Habiendo pensado en esto, y siempre teniéndolo a Marcelo, de la FM cordobesa, en mi teléfono, avisté un potente argumento filosófico que me pareció interesante para fundamentar la premisa que había proferido instantes atrás al comenzar la nota radial. Y la conclusión, de hecho me alarmó. Pues, si Kierkegaard tenía razón, ¡y vaya que creo que la tenía!, la desaparición de la angustia existencial durante el periodo de cuarentena obligatoria no podía tener otro origen más que la desaparición de la “obligación” misma de ejercitar mi libertad, de ser esencialmente libre

Estar obligados a una reclusión en la que la toma de decisiones personales -y la pesada responsabilidad existencial siempre aparejada a ésta- se ve reducida prácticamente a cero, me implicaba, paradójicamente, experimentar emociones negativas de diversas índoles, pero no angustia. Pero entonces también observé que esto implicaba una interesante “degradación ontológica” en las escalas del Ser. Pues, los animales tampoco sienten angustia existencial -no al menos en un sentido humano demostrable o transmisible-; es decir, no están obligados a tomar decisiones vitales de corte.

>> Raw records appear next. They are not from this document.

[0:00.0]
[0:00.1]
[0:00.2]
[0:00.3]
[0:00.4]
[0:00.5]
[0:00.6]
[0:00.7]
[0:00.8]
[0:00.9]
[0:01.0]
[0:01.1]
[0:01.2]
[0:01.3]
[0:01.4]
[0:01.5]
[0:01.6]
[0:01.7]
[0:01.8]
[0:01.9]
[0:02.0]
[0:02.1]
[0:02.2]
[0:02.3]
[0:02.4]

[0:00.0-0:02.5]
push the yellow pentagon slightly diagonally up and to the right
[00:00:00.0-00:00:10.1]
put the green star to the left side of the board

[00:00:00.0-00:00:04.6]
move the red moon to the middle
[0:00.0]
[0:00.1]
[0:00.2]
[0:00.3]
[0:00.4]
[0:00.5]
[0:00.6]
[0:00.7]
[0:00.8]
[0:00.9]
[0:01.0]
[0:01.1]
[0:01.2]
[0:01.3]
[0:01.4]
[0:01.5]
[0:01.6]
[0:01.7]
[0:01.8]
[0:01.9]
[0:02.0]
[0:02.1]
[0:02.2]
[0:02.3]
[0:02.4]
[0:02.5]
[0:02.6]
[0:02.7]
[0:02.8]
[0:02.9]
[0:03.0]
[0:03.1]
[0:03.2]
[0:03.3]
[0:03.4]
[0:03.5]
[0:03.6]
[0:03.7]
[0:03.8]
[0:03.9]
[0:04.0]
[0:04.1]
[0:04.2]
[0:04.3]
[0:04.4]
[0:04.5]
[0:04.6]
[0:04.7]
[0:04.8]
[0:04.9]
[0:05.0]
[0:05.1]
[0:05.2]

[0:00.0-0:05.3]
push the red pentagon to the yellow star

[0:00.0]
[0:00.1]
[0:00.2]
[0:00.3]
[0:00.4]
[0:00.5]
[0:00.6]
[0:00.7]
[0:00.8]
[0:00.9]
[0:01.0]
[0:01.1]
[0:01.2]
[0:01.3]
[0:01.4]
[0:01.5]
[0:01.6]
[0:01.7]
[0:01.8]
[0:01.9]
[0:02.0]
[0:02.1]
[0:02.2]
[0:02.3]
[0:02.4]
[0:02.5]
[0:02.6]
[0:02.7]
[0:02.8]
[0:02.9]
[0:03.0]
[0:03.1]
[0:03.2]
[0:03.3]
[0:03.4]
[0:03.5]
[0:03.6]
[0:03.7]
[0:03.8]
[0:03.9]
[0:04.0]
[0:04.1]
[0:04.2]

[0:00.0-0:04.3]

Asimismo, lo siguiente también vino a mi mente: ¿será que esto mismo es la experiencia más material, contundente y cotidiana de lo que en psicología se ha denominado “zona de confort”? Más aún, ¿será que mucha gente decide libremente confinarse en cárceles ya no domiciliarias-materiales sino mentales e ideológicas en pos de escapar a la “responsabilidad de ser libres y de elegir”, responsabilidad que, como demostró Kierkegaard, es esencialmente angustiante?

Se hizo un silencio de fracciones de segundo y entonces le respondí a aquel amable conductor: “lo que quise decir, Marcelo, es que días de encierro como éstos deberían invitarnos a observar que la libertad personal es tan sublime y a la vez tan trágica que incluso nos permite elegir si queremos ejercitarla o no. Creo que en ello descansa la maravilla del libre albedrío”.

 

*Nahuel Michalski es licenciado y profesor en Filosofía por la Universidad de Buenos Aires. Se especializa en el área de la filosofía política y el análisis cultural a partir de temáticas atinentes a la metafísica del poder, la construcción de subjetividad colectiva y la relación entre discurso y realidad. Ha dedicado los últimos años a la tarea docente, la investigación de grado y la divulgación de la filosofía a través de múltiples plataformas digitales, espacios de encuentro y medios de prensa con el fin de hacer de dicha disciplina un campo público de participación y construcción de ideas.